··· RECORDS FOR THIS TASK

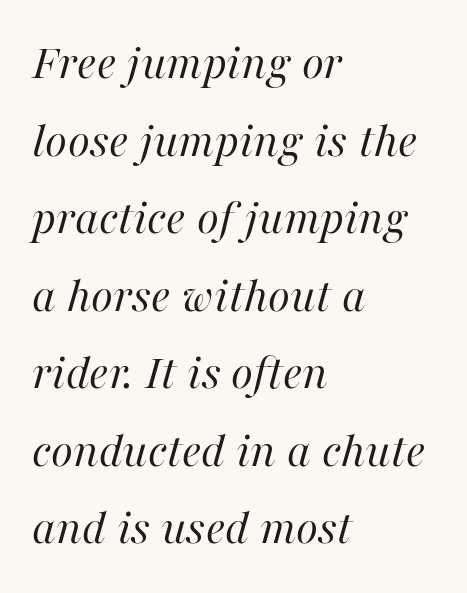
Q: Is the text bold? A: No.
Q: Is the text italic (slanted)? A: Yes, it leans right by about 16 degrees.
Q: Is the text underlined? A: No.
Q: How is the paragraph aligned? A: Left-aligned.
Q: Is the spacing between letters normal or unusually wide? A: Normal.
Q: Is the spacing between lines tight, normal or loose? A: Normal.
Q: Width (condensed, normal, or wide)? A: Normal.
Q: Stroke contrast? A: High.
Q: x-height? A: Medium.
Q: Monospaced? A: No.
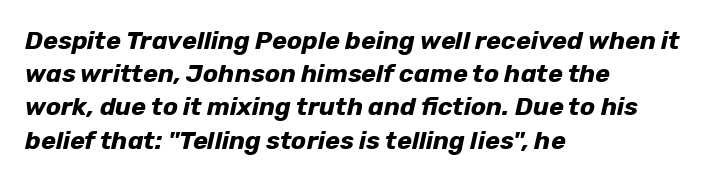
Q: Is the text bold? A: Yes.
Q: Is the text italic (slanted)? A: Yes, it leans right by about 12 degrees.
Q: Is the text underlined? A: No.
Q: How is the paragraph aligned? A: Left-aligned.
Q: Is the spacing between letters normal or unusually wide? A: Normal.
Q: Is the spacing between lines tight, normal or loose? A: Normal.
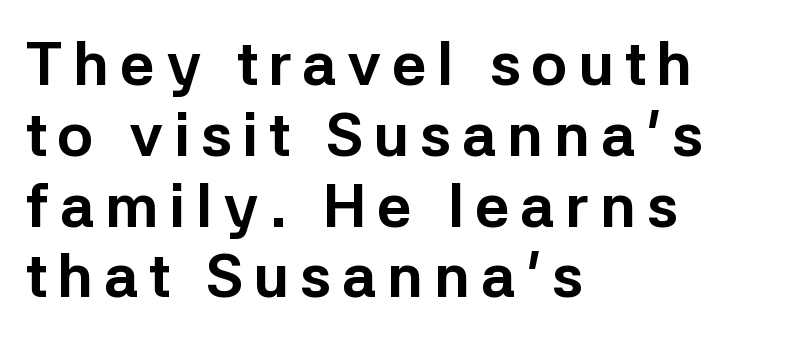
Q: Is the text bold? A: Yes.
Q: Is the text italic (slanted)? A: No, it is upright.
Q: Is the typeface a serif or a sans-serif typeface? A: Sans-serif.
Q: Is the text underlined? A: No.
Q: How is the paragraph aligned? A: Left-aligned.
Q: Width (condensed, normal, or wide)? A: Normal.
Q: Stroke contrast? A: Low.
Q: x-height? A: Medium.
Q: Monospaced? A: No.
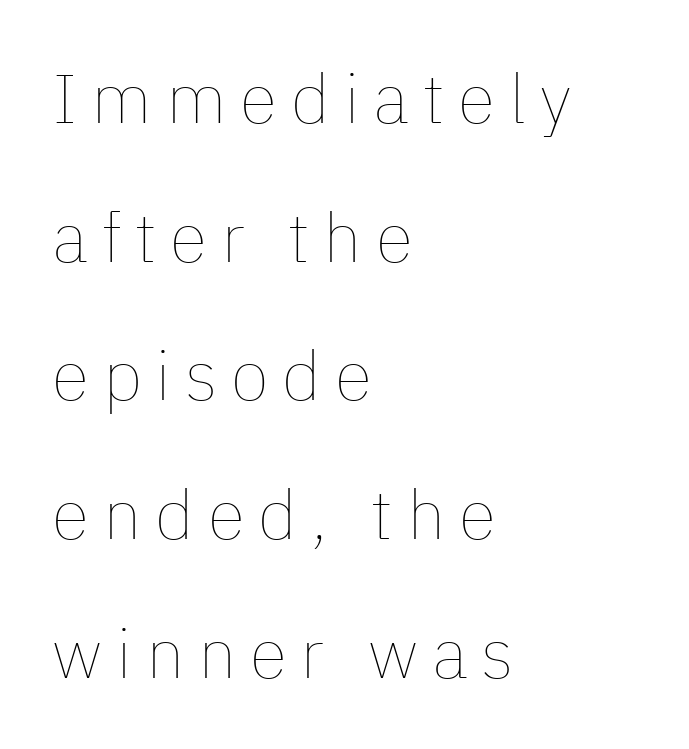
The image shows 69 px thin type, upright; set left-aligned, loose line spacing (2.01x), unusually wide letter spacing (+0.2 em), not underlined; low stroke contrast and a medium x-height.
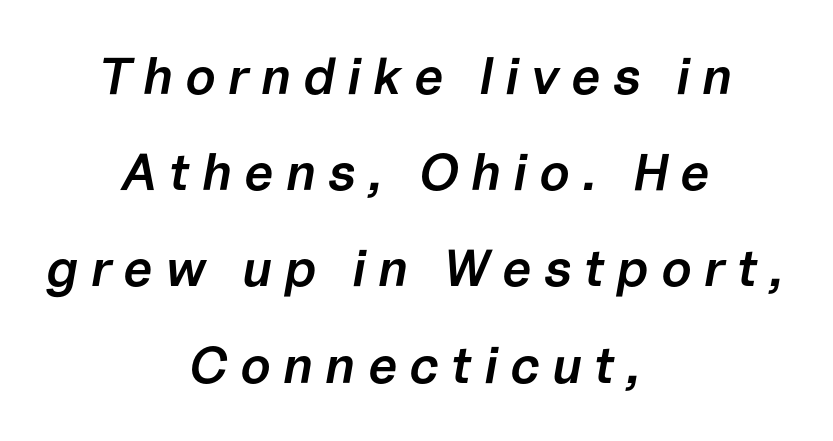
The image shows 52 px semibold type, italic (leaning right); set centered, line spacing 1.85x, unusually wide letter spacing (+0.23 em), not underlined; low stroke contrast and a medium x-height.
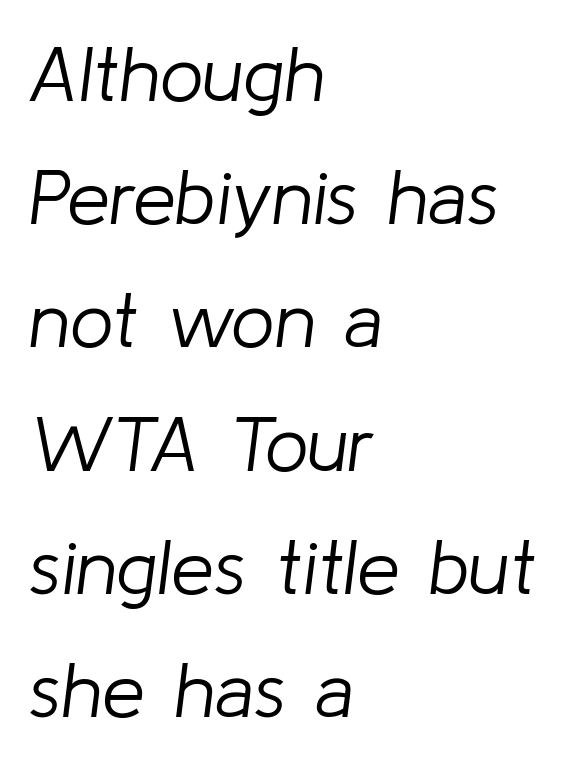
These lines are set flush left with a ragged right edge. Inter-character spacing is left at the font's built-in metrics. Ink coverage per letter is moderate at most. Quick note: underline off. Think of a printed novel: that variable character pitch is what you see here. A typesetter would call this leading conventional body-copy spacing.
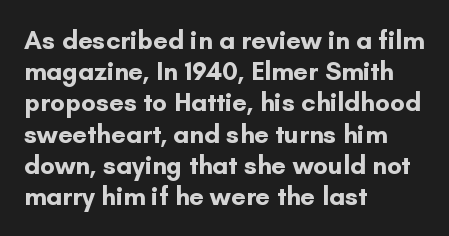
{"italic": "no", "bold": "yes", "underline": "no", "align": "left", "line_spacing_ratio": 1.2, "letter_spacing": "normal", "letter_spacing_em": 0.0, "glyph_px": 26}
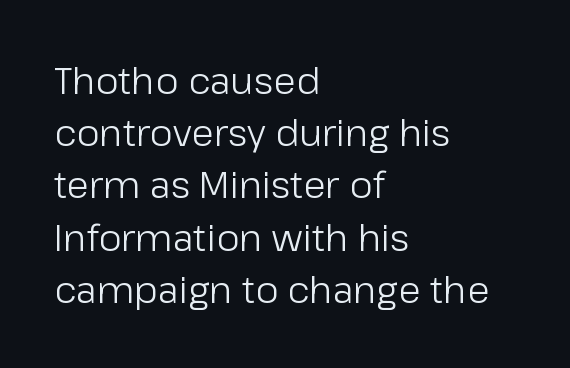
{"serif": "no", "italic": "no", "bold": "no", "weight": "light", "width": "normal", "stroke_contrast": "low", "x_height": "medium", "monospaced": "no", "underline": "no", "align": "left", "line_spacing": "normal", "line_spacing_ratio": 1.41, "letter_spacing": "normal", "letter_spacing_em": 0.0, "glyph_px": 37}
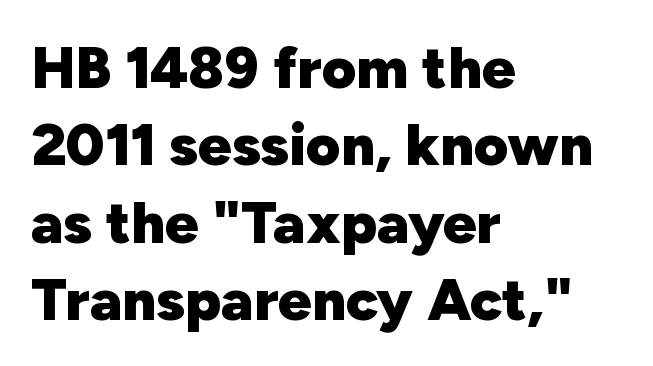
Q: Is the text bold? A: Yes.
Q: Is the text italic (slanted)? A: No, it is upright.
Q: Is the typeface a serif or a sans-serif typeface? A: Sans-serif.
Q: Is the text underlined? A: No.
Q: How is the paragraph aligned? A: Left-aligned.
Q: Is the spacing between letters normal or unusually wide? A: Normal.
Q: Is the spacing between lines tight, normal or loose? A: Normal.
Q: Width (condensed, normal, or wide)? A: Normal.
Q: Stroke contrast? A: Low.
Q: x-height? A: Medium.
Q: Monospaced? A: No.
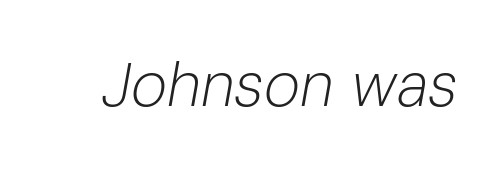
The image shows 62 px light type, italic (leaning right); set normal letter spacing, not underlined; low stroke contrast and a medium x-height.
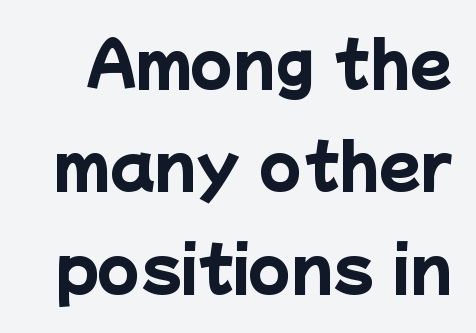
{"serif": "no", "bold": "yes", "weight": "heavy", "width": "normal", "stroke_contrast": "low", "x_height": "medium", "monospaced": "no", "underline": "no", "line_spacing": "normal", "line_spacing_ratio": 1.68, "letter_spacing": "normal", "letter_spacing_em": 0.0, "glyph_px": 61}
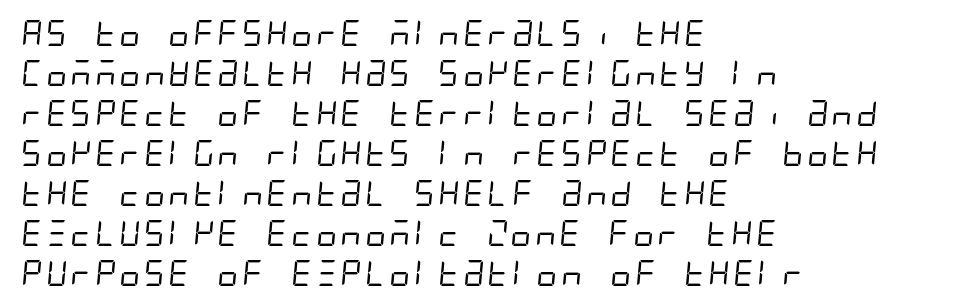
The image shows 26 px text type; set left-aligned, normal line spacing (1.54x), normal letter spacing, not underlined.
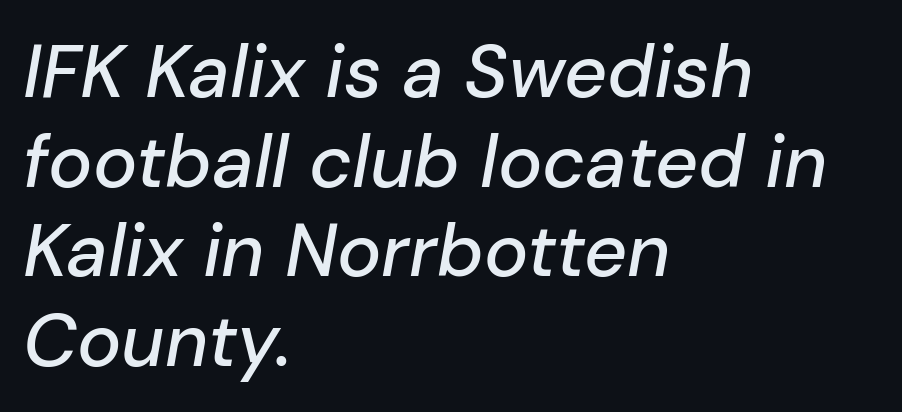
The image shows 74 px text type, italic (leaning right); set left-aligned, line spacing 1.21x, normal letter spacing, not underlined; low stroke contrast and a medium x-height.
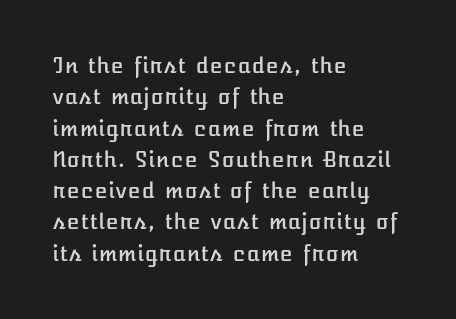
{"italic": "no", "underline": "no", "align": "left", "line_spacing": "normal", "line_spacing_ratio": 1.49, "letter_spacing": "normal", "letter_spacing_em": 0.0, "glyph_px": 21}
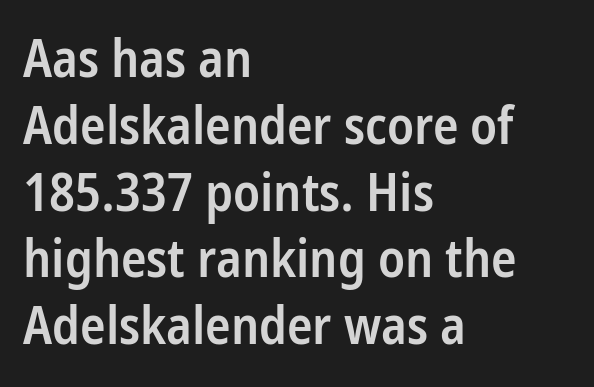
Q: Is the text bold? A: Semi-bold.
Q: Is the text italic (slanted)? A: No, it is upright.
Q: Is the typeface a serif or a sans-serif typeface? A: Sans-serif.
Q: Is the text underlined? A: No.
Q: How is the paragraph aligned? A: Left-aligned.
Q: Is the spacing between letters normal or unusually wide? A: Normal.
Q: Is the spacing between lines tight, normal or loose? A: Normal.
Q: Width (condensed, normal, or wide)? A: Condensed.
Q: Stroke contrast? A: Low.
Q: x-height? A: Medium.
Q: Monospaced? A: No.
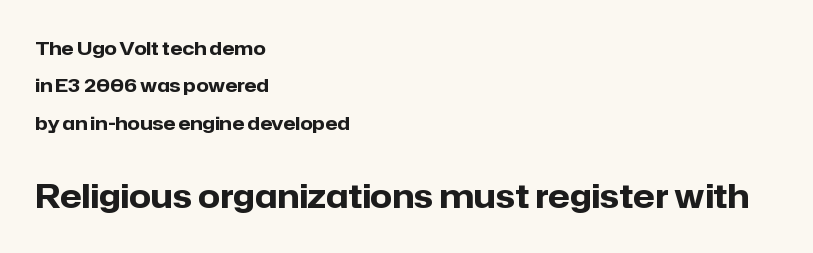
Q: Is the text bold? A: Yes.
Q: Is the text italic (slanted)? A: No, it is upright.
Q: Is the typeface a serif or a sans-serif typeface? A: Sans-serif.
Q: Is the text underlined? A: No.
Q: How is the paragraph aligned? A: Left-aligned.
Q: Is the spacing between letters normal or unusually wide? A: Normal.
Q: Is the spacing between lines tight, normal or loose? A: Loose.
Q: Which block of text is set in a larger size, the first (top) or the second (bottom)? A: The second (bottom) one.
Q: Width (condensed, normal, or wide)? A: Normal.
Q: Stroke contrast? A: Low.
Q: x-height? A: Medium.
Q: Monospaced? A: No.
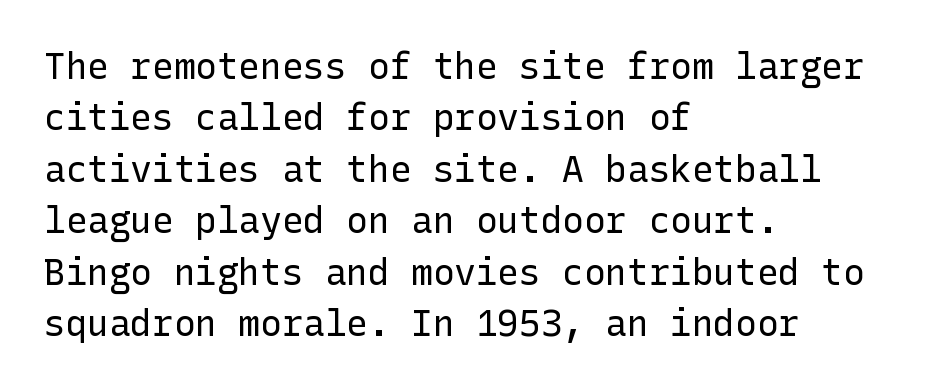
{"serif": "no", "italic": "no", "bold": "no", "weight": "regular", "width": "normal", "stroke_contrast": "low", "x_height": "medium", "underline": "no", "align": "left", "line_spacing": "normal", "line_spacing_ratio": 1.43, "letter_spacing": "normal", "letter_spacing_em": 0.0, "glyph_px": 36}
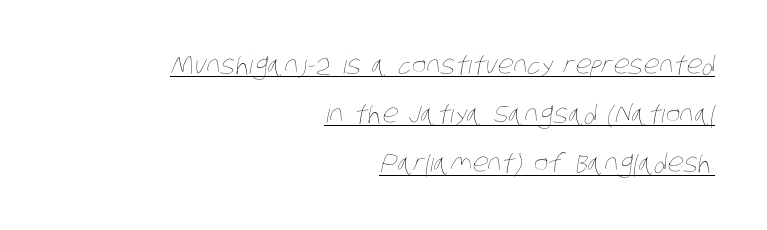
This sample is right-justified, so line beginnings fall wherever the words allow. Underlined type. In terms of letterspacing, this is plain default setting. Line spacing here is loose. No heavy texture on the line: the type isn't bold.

······

I need each line of the entries that holds the string "about" located and copied.

Q: Is the text italic (slanted)? A: Yes, it leans right by about 16 degrees.
Q: Is the text italic (slanted)? A: Yes, it leans right by about 12 degrees.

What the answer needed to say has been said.